Drevin, Tamara, Alex and Paul fly to New York City, but Alex is apprehended at the airport by an immigration official who claims that his passport is expired. This is quickly exposed as a ruse by the CIA so they can bring Alex to Joe Byrne, the chief of the CIA. Byrne reveals that the CIA have conducted an investigation into Drevin's wealth and discovered that he got his money through contacts in the underworld. Byrne is worried that Drevin will slip away from the CIA's hands, so he assigns Alex to report to him if he sees anything amiss at Flamingo Island, Drevin’s private island from where Ark Angel will be launched. Smithers, the gadget master at MI6, arrives and provides Alex with gadgets.

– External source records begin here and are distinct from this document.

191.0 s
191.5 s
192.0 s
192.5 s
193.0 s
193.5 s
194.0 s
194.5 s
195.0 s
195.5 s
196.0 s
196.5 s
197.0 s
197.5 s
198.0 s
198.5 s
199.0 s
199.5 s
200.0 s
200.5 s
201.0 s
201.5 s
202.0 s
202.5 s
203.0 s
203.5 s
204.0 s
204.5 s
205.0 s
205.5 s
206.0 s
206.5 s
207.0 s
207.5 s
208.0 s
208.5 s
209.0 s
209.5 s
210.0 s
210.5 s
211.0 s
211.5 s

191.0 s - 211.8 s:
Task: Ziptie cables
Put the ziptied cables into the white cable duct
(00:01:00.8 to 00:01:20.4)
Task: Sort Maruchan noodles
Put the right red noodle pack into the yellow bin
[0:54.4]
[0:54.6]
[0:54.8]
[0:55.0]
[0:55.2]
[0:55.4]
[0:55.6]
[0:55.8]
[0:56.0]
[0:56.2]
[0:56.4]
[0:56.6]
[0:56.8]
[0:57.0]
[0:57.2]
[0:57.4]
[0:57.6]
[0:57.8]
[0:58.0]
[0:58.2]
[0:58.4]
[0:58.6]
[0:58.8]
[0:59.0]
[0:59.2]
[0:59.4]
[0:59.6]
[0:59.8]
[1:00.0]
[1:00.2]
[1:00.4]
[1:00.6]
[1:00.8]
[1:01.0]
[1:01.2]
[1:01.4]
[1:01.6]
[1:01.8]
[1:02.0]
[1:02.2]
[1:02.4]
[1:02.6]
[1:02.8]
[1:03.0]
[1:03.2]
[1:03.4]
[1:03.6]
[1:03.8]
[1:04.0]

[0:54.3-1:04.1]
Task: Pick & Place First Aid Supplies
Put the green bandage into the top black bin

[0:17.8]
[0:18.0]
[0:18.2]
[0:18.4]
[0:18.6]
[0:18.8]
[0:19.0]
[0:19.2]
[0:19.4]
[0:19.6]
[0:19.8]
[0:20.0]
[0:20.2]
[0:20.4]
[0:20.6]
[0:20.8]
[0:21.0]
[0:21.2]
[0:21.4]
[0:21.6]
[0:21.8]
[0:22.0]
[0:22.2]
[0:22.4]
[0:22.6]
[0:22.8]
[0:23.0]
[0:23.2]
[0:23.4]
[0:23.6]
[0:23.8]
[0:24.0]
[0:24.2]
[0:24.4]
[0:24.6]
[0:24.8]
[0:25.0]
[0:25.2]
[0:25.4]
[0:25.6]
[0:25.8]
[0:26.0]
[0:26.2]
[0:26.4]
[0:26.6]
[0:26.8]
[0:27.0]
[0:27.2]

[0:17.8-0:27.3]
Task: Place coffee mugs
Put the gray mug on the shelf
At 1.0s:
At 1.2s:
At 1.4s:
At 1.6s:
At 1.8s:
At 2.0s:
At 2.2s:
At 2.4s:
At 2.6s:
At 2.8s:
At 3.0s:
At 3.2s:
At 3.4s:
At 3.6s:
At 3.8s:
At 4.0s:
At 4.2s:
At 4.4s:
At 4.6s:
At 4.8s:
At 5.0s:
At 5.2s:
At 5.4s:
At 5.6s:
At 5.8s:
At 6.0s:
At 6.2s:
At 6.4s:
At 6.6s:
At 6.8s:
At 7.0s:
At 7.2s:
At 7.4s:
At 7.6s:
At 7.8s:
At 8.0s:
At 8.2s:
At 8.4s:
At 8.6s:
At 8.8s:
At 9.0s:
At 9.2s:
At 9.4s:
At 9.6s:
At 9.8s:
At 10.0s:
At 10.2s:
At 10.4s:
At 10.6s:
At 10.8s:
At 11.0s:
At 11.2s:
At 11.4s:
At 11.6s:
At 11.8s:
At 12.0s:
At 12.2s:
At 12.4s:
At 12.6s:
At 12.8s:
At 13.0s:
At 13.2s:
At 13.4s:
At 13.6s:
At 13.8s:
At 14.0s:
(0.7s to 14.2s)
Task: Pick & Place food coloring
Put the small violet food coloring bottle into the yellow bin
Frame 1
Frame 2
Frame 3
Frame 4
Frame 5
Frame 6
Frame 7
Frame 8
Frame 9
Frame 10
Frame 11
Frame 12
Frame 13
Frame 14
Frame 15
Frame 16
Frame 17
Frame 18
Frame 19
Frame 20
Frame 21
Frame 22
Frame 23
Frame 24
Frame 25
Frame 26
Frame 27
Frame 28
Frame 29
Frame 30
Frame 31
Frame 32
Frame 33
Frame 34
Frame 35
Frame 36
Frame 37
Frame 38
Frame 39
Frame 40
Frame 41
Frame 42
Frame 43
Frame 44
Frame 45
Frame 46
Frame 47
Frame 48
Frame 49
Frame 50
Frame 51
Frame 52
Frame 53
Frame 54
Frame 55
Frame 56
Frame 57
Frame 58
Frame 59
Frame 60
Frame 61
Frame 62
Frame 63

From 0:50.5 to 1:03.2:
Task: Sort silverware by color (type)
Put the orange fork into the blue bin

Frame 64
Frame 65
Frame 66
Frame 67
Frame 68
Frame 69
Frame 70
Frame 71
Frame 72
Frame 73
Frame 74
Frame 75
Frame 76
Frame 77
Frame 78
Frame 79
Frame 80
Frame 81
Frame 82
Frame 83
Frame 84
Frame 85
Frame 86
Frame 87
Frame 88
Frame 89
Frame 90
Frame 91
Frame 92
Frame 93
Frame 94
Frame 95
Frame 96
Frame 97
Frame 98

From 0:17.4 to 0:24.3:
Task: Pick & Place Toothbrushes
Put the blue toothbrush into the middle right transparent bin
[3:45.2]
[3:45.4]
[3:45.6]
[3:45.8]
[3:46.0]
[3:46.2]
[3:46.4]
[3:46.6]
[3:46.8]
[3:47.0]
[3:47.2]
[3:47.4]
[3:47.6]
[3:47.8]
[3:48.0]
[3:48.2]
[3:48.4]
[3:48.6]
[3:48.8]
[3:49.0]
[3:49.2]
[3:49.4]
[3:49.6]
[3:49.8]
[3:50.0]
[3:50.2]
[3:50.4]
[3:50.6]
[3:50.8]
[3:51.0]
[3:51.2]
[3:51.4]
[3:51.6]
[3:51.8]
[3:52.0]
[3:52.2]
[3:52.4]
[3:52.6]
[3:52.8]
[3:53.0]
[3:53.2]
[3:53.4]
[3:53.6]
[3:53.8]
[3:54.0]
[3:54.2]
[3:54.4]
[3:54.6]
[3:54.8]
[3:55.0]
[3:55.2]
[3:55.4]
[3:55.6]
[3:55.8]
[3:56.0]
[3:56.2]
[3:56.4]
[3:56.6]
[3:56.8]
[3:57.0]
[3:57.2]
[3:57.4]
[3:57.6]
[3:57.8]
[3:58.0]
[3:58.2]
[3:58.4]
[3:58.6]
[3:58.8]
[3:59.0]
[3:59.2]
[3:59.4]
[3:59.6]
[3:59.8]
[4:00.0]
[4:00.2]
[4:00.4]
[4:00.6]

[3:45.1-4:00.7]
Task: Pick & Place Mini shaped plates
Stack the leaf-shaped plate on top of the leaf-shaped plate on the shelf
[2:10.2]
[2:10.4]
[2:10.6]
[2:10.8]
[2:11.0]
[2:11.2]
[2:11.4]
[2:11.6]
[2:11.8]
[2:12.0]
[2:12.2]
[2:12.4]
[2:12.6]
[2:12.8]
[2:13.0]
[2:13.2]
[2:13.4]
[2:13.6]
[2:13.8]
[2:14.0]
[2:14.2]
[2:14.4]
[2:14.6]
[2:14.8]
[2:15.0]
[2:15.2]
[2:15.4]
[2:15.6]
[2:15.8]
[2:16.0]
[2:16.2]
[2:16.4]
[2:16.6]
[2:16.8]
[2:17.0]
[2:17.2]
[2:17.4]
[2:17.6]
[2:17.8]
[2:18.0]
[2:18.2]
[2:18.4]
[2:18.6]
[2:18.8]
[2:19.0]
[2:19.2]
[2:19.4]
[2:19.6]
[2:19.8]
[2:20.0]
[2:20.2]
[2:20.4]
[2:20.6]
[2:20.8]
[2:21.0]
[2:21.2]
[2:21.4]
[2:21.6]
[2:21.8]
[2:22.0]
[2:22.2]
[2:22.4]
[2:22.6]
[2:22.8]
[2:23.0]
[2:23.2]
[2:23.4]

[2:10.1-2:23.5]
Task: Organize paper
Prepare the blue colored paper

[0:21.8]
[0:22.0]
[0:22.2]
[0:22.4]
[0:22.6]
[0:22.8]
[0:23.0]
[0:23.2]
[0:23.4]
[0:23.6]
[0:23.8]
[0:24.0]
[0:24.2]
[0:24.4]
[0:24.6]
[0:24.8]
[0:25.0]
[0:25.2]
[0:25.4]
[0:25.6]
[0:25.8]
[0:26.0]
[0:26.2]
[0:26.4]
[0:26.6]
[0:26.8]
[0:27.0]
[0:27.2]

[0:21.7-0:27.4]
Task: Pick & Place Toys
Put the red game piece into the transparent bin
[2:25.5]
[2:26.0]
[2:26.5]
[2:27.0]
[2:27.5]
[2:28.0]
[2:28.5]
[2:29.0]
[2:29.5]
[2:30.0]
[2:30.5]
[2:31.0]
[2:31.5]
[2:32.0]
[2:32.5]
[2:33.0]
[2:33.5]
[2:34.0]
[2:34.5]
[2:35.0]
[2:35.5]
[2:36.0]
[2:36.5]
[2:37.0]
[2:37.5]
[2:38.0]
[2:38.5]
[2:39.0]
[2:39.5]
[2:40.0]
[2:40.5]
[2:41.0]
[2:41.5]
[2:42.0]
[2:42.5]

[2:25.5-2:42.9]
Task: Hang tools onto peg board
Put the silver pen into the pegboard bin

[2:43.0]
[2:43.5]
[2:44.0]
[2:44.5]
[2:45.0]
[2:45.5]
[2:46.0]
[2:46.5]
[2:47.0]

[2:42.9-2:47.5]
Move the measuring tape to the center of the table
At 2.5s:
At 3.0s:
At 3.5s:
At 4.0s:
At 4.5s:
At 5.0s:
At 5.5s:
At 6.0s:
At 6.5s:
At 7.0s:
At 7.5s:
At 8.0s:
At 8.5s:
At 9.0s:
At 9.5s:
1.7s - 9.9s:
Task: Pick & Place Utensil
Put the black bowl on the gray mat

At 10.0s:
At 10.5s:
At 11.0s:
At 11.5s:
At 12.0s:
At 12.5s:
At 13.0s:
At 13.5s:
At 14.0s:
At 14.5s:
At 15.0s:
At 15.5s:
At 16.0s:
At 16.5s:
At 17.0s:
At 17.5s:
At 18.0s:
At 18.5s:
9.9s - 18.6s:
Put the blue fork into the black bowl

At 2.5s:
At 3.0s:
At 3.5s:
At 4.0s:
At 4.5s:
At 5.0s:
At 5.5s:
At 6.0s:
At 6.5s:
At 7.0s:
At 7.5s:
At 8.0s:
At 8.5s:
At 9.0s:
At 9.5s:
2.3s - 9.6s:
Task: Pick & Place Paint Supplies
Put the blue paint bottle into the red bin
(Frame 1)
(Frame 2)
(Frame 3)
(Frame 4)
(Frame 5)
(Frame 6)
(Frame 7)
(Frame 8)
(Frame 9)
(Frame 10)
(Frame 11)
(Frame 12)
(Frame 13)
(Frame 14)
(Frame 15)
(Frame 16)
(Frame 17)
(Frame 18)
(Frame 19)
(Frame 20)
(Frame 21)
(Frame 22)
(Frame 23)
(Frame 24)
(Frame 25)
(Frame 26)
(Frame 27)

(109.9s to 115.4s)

The next day, Alex and the Drevin family arrive on Flamingo Island. Alex manages to intercept a phone call from Drevin who will be meeting someone the following night. Later, however, Drevin finds out about Alex's identity and decides to have him killed. He sends him to dive into a shipwreck, where a guard locks him in and leaves him to die. Right when Alex is about to run out of air Tamara appears and saves him, revealing that she has been Joe Byrne's inside man all along. The two of them go undercover to investigate Drevin's meeting, and see him meeting with Force Three; however, they are caught when Tamara accidentally sets off an alarm.

Alex is brought to Drevin, who reveals his intention to destroy Ark Angel with a bomb and send its wreckage crashing down on the Pentagon in Washington D.C. As the project has gone over budget and Drevin can no longer finance it, he hopes to claim insurance from the disaster, as well as destroy the CIA's evidence of his illegal business practices. Mr. Payne, the island's head of security, reveals himself to be none other than Kaspar; it also turns out that Force Three are just hired hands to act as scapegoats for Ark Angel’s destruction. Drevin kills all the members of Force Three and takes Alex back to his prison, where he explains Drevin’s plan to an injured Tamara. The next day Alex escapes and meets the CIA team stationed in Barbados, but the rocket with the bomb launches off to Ark Angel. The CIA team storm Flamingo Island and Drevin attempts to shoot Alex in the chaos, but Alex dodges and Paul gets shot instead. Drevin leaves Paul and tries to escape, but his plane crashes, killing him instantly.

As Alex finds out there is no way to stop the bomb from the ground, so he must travel up to Ark Angel to deal with it manually. He encounters Kaspar but manages to overpower him using the effects of zero-gravity, and Kaspar is stabbed by his own knife. Alex then moves the bomb away so that the wreckage left after detonation will simply break up and disintegrate instead of crashing into Washington D.C. Ark Angel explodes and Alex falls back to earth, landing a hundred miles off the coast of Australia.

Reception

Philip Ardagh at The Guardian gave Ark Angel a positive review, stating "It's perfectly pitched at its readership. Ark Angel reads the way a children's thriller should read" and "This is a welcome new addition [to the series]." However, Joe Queenan of The New York Times gave the book a more negative review. Comparing it to Charlie Higson's Blood Fever, the reviewer criticised Ark Angel for having "zero intellectual content", calling Horowitz's prose style "clunky, uninspiring". He also described Alex as "oddly bland" and "humorless".